Hybrid stochastic simulation technology is receiving more and more attention in physics and related research. This type of simulation combines existing stochastic simulation techniques with other algorithms with the goal of improving accuracy or reducing computational complexity. Since the first hybrid stochastic simulation appeared in 1985, the technology is still developing rapidly.
Hybrid stochastic simulation was first developed in 1985 by Simon Duane from the University of Illinois at Urbana-Champaign. This technique combines the Langevin equation and microcanonical systems, taking advantage of their complementary properties to improve the comprehensiveness of the simulation.
Duane's hybrid stochastic simulation mainly overcomes the shortcomings of both long-term and short-term simulations by combining the advantages of each.
This innovation has been successfully applied in a controversial topic in quantum chromodynamics, which also lays a good foundation for the subsequent development of mixed stochastic simulations. After that, more and more hybrid stochastic simulations came into being, trying to overcome the shortcomings of the original stochastic simulations.
In 2018, Ulrich Dobramysl of the University of Cambridge and David Holcman of the University of Oxford introduced a new hybrid analytical-stochastic simulation model. This method mainly simulates parts of the Brownian motion path, rather than the complete path.
This concept is particularly suitable for the evolution of Brownian particles in infinite space, and can effectively simulate the movement around small targets.

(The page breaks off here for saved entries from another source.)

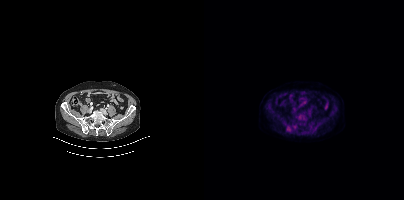
Coordinates are on the 200×200 PET (right) panel. PSMA-avid tumor lesion bounding boxes:
| # | x0 | y0 | x1 | y1 |
|---|---|---|---|---|
| 1 | 82 | 126 | 87 | 131 |
Left: CT. Right: PSMA PET, same axial level, 18F-PSMA tracer. Acquired on Siemens Biograph mCT Flow 20.
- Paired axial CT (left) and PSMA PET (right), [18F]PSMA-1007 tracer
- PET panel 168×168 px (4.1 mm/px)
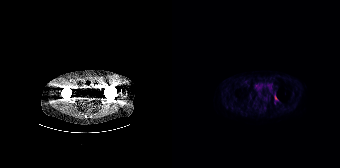
Findings: Coordinates are on the 168×168 PET (right) panel. PSMA-avid tumor lesion bounding box (x0, y0)-(x1, y1): (103, 95)-(105, 99).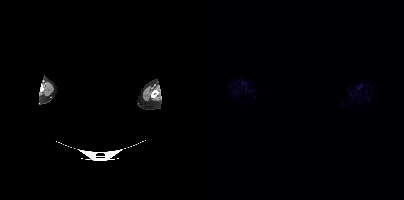
Facial anatomy redacted by setting a rectangular region of the head to black.
This slice has no annotated PSMA-avid lesion.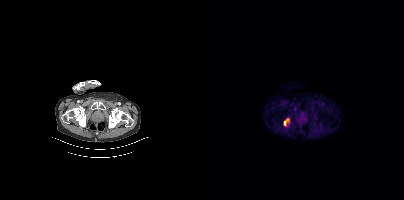
Findings: Coordinates are on the 200×200 PET (right) panel. PSMA-avid tumor lesion bounding box (x, y, width, height): x=79 y=118 w=7 h=9. Small PSMA-avid focus (2 to 4 px across) near (center x, center y): (91, 108).
Technique: Left: CT. Right: PSMA PET, same axial level, [18F]PSMA-1007 tracer. acquired on Siemens Biograph mCT Flow 20. PET panel 200×200 px (4.1 mm/px).
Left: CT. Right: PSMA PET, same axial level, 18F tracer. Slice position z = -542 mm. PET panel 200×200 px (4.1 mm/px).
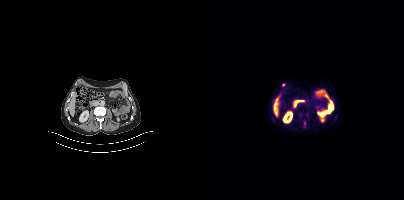
Only PSMA-avid lesion pieces thinner than 2 px on this slice (not listed).
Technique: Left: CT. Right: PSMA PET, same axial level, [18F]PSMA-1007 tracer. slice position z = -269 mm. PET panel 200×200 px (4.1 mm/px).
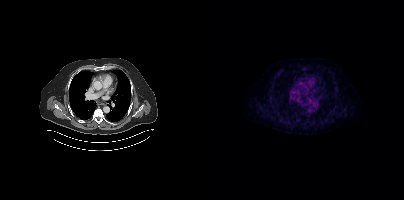
Findings: Coordinates are on the 200×200 PET (right) panel. Small PSMA-avid focus (2 to 4 px across) near (center x, center y): (128, 111).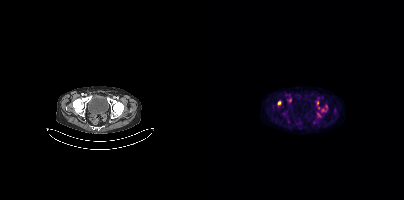
Paired axial CT (left) and PSMA PET (right), 18F tracer. Acquired on Siemens Biograph mCT Flow 20. PET panel 200×200 px (4.1 mm/px). Coordinates are on the 200×200 PET (right) panel. (showing 2 of 5 foci) Small PSMA-avid foci (2 to 4 px across) near (center x, center y): (75, 102) | (113, 103).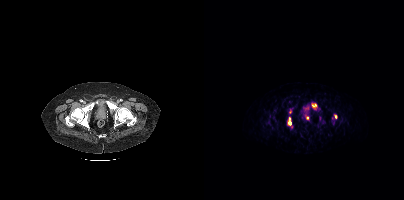
- Paired axial CT (left) and PSMA PET (right), 68Ga-PSMA tracer
- slice position z = 309 mm
- PET panel 200×200 px (4.1 mm/px)
Findings: Coordinates are on the 200×200 PET (right) panel. PSMA-avid tumor lesion bounding boxes (x, y, width, height): x=107 y=103 w=7 h=6 / x=84 y=118 w=4 h=8. Small PSMA-avid foci (2 to 4 px across) near (center x, center y): (131, 116) / (103, 117).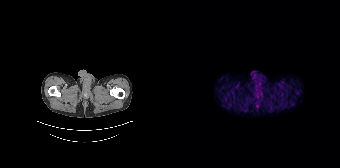
This slice has no annotated PSMA-avid lesion.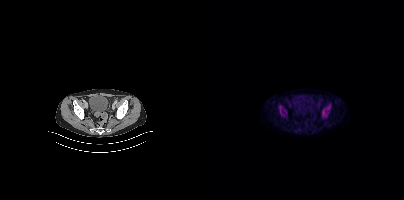
Findings: Coordinates are on the 200×200 PET (right) panel. (showing 2 of 3 foci) PSMA-avid tumor lesion bounding boxes (x0,y0,x1,y1): [76,110,78,114] [119,110,120,115].
- Two-panel axial: CT | PSMA PET, 18F-PSMA tracer
- acquired on Siemens Biograph mCT Flow 20
- PET panel 200×200 px (4.1 mm/px)
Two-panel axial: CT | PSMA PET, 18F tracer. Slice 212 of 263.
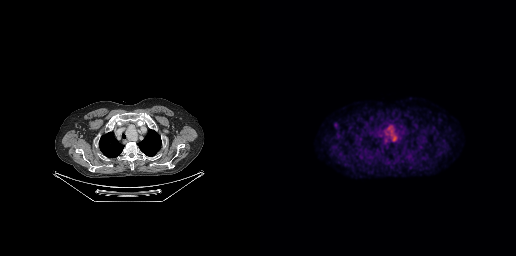
Coordinates are on the 256×256 PET (right) panel. PSMA-avid tumor lesion bounding boxes:
| # | x0 | y0 | x1 | y1 |
|---|---|---|---|---|
| 1 | 124 | 125 | 137 | 141 |
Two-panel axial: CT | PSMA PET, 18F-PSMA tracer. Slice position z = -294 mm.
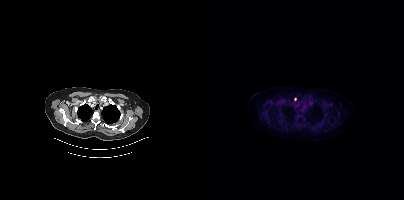
Coordinates are on the 200×200 PET (right) panel. Small PSMA-avid focus (2 to 4 px across) near (center x, center y): (91, 99).
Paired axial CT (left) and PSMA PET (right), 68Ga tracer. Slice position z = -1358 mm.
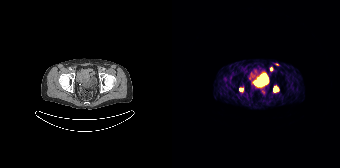
Coordinates are on the 168×168 PET (right) panel. PSMA-avid tumor lesion bounding box (x0,y0,x1,y1): [102,86,106,91]. Small PSMA-avid foci (2 to 4 px across) near (center x, center y): (99, 69); (69, 89); (105, 64).
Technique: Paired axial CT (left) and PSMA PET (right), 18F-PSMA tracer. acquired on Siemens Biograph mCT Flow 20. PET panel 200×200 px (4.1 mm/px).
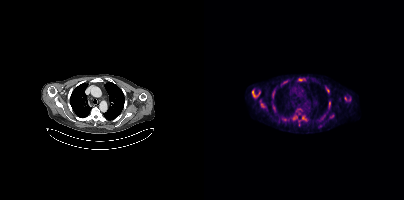
Findings: Coordinates are on the 200×200 PET (right) panel. (showing 9 of 14 foci) PSMA-avid tumor lesion bounding boxes (x0,y0,x1,y1): [98,116,102,120], [94,78,99,80], [48,91,51,96], [68,94,70,98], [125,102,126,107], [89,116,93,119]. Small PSMA-avid foci (2 to 4 px across) near (center x, center y): (123, 90), (141, 98), (119, 116).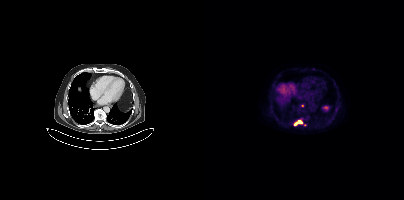
Coordinates are on the 200×200 PET (right) panel. PSMA-avid tumor lesion bounding boxes:
| # | x0 | y0 | x1 | y1 |
|---|---|---|---|---|
| 1 | 90 | 120 | 98 | 125 |
Small PSMA-avid focus (2 to 4 px across) near (center x, center y): (98, 105).
Left: CT. Right: PSMA PET, same axial level, 18F-PSMA tracer. PET panel 200×200 px (4.1 mm/px).
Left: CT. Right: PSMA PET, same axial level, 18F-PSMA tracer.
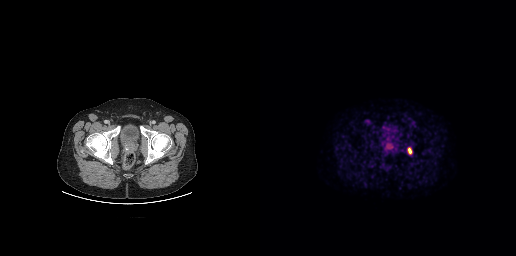
Coordinates are on the 256×256 PET (right) panel. PSMA-avid tumor lesion bounding box (x, y, width, height): x=147 y=147 w=6 h=8.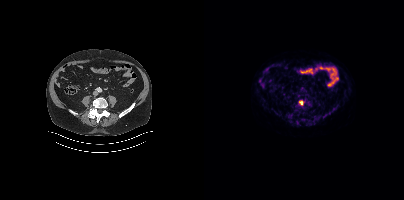
Coordinates are on the 200×200 PET (right) panel. Small PSMA-avid focus (2 to 4 px across) near (center x, center y): (96, 102). Two-panel axial: CT | PSMA PET, [18F]PSMA-1007 tracer.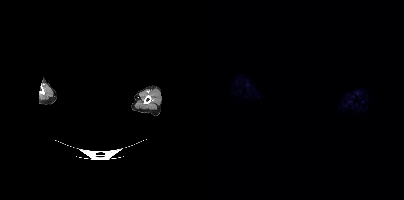
{"pet_grid":[200,200],"coord_frame":"pet_panel","coord_format":"x0,y0,x1,y1","psma_avid_lesions":false,"modality":"PSMA PET/CT","view":"axial","tracer":"18F-PSMA","deidentification":"privacy mask over head"}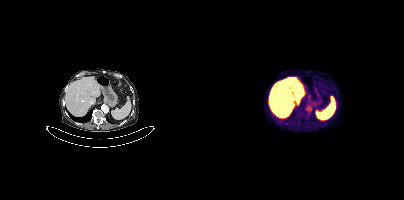
No tumor lesions annotated on this slice.
modality: PSMA PET/CT | tracer: [18F]PSMA-1007 | view: axial

By mapping the initial position to an imaginary surface around the target, the method finds more practical applications, such as generating gradient cues in open space and simulating the diffusion process of how molecules bind to cell receptors.
The Two-Regime method jointly proposed by Mark Flegg, Jonathan Chapman and Radek Erban of Oxford University is aimed at reaction -Another innovation in diffusion simulation.
This approach combines molecular-based and position-based algorithms to reduce computational costs while increasing the speed and accuracy of reaction-diffusion simulations.
The point of this approach is to split the computational domain into two different regions. Among them, some perform event-driven partitioning methods, while the other part performs simulations based on time-based molecular algorithms, thereby achieving efficient and accurate simulation results.
Hybrid stochastic simulation has a wide range of applications, including:
With the evolution of technology, these hybrid stochastic simulation methods not only advance the frontiers of scientific research, but also show their strong application potential in multiple practical scenarios. In the future, as demand grows, hybrid stochastic simulation will continue to receive attention, bringing more innovative progress and discoveries. In this rapidly changing world, can we make full use of these technologies to solve more complex problems?